▶ _Task description_:
With images removed, transcribe each record exactly as it appears.
"""
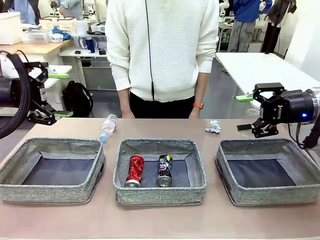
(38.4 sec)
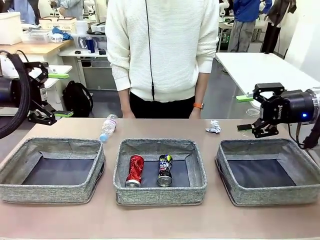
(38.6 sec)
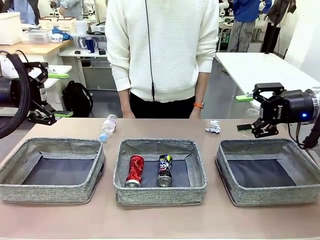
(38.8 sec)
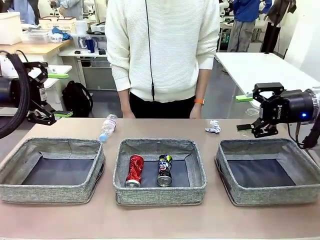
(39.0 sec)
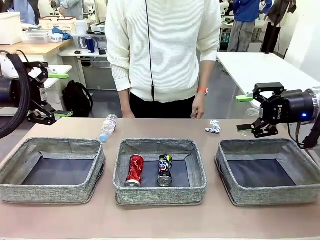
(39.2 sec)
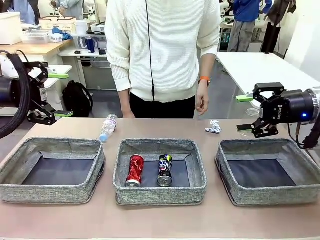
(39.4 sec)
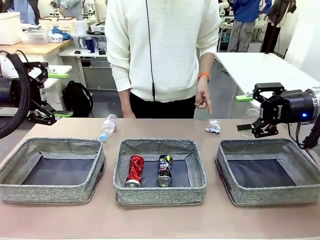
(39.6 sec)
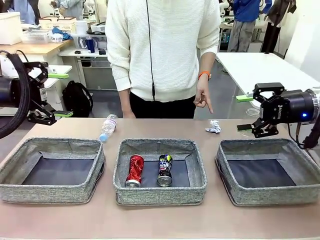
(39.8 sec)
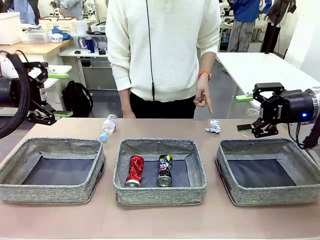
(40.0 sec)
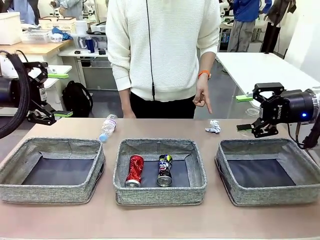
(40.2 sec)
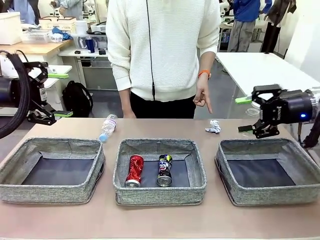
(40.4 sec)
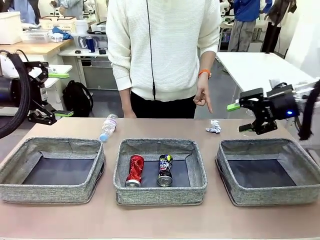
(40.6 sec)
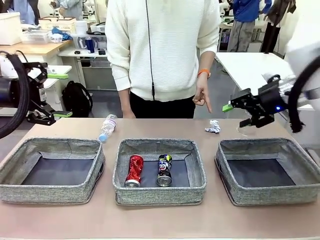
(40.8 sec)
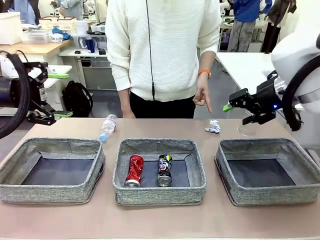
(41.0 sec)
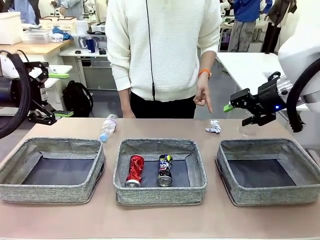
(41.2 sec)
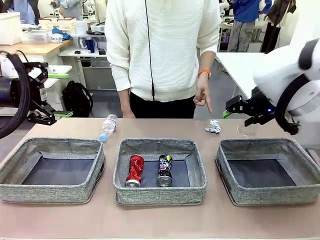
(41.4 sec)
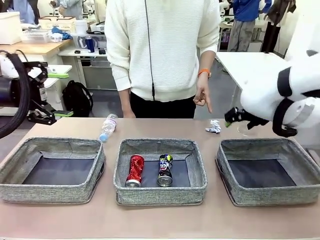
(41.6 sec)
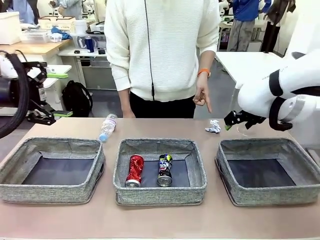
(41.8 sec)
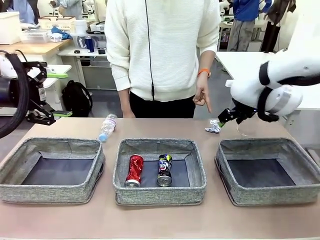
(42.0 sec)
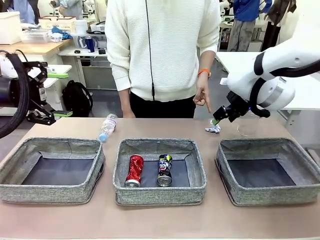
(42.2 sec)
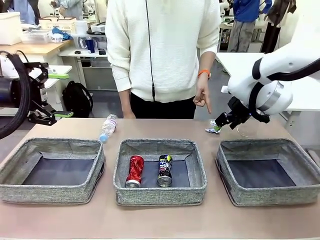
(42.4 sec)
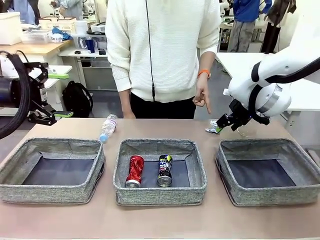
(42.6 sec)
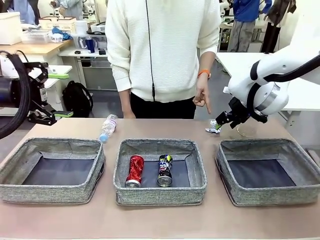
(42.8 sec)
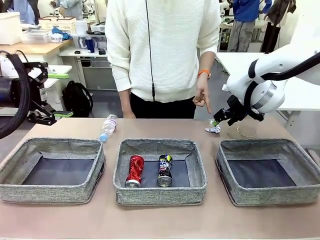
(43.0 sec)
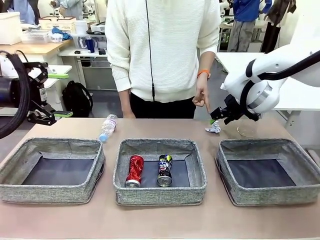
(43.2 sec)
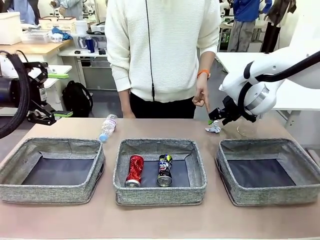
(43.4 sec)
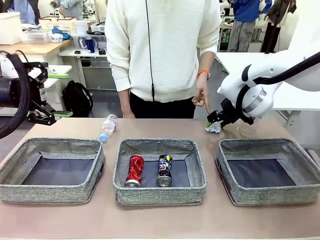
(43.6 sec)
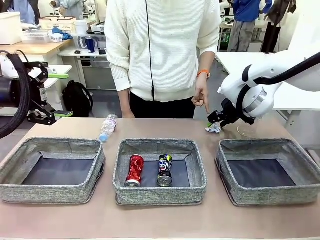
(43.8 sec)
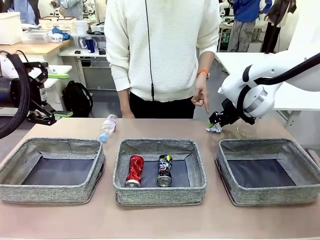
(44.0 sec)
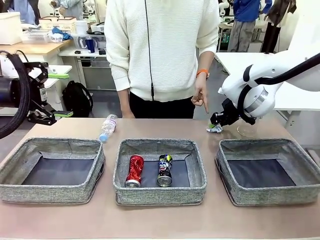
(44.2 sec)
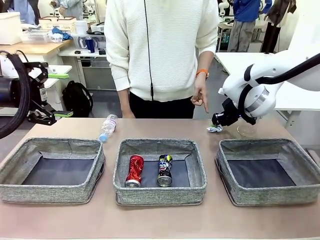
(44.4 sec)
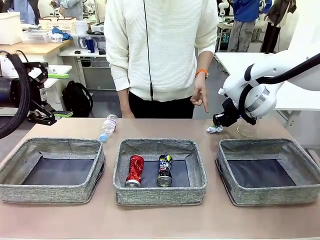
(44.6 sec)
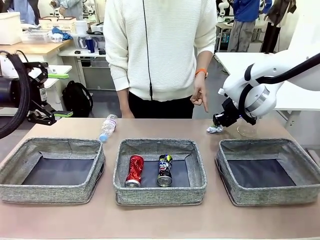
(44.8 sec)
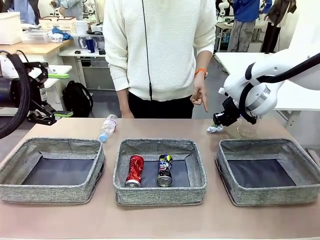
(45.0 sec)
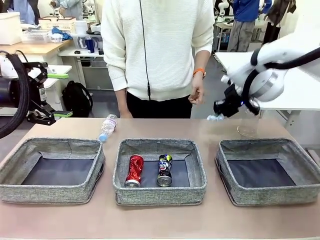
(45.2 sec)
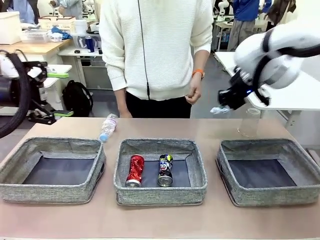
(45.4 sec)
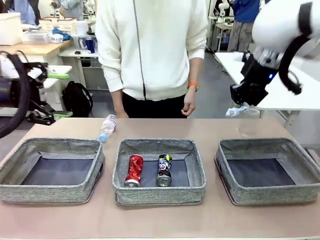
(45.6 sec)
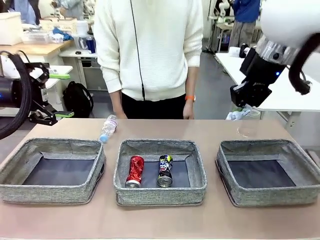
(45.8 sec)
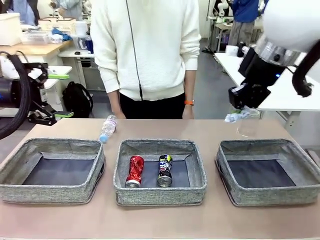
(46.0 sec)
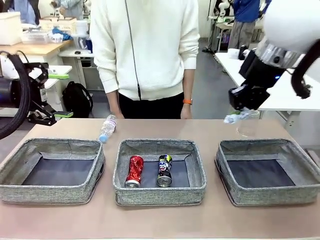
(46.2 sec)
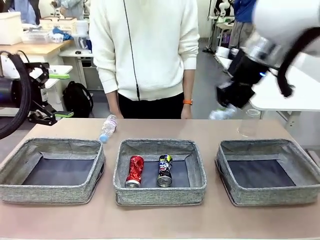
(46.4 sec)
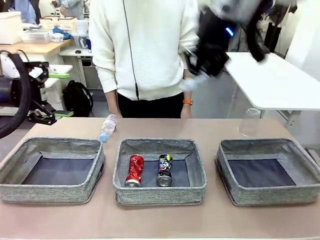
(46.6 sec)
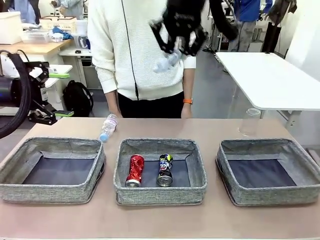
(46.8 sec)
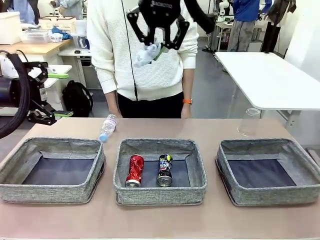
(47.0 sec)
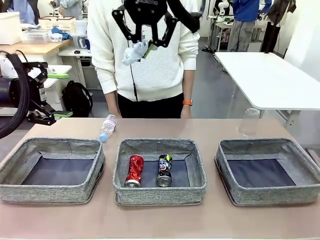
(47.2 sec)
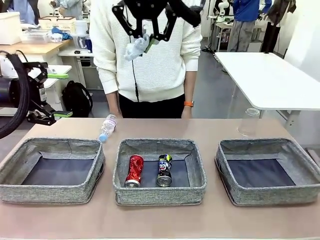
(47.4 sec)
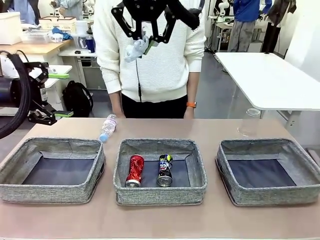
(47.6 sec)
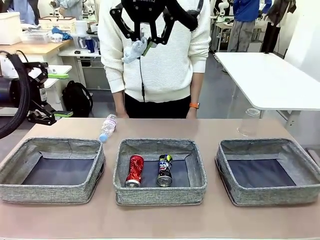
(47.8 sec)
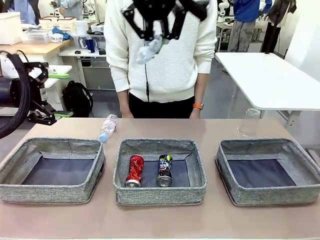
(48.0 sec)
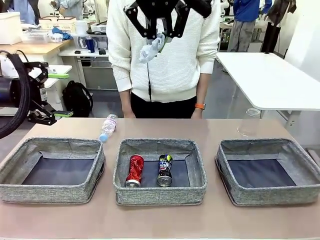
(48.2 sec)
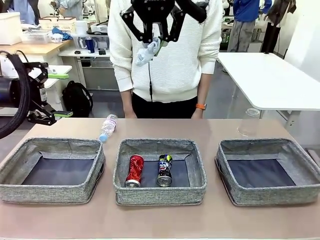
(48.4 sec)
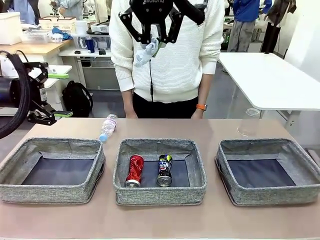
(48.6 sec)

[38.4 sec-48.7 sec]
Task: Sort the waste into the appropriate baskets.
Robot: Pick up the waste item pointed out by the person.
Person: Points to one piece of trash on the table.
"""
▶ _Written response_:
(38.4 sec)
(38.6 sec)
(38.8 sec)
(39.0 sec)
(39.2 sec)
(39.4 sec)
(39.6 sec)
(39.8 sec)
(40.0 sec)
(40.2 sec)
(40.4 sec)
(40.6 sec)
(40.8 sec)
(41.0 sec)
(41.2 sec)
(41.4 sec)
(41.6 sec)
(41.8 sec)
(42.0 sec)
(42.2 sec)
(42.4 sec)
(42.6 sec)
(42.8 sec)
(43.0 sec)
(43.2 sec)
(43.4 sec)
(43.6 sec)
(43.8 sec)
(44.0 sec)
(44.2 sec)
(44.4 sec)
(44.6 sec)
(44.8 sec)
(45.0 sec)
(45.2 sec)
(45.4 sec)
(45.6 sec)
(45.8 sec)
(46.0 sec)
(46.2 sec)
(46.4 sec)
(46.6 sec)
(46.8 sec)
(47.0 sec)
(47.2 sec)
(47.4 sec)
(47.6 sec)
(47.8 sec)
(48.0 sec)
(48.2 sec)
(48.4 sec)
(48.6 sec)

[38.4 sec-48.7 sec]
Task: Sort the waste into the appropriate baskets.
Robot: Pick up the waste item pointed out by the person.
Person: Points to one piece of trash on the table.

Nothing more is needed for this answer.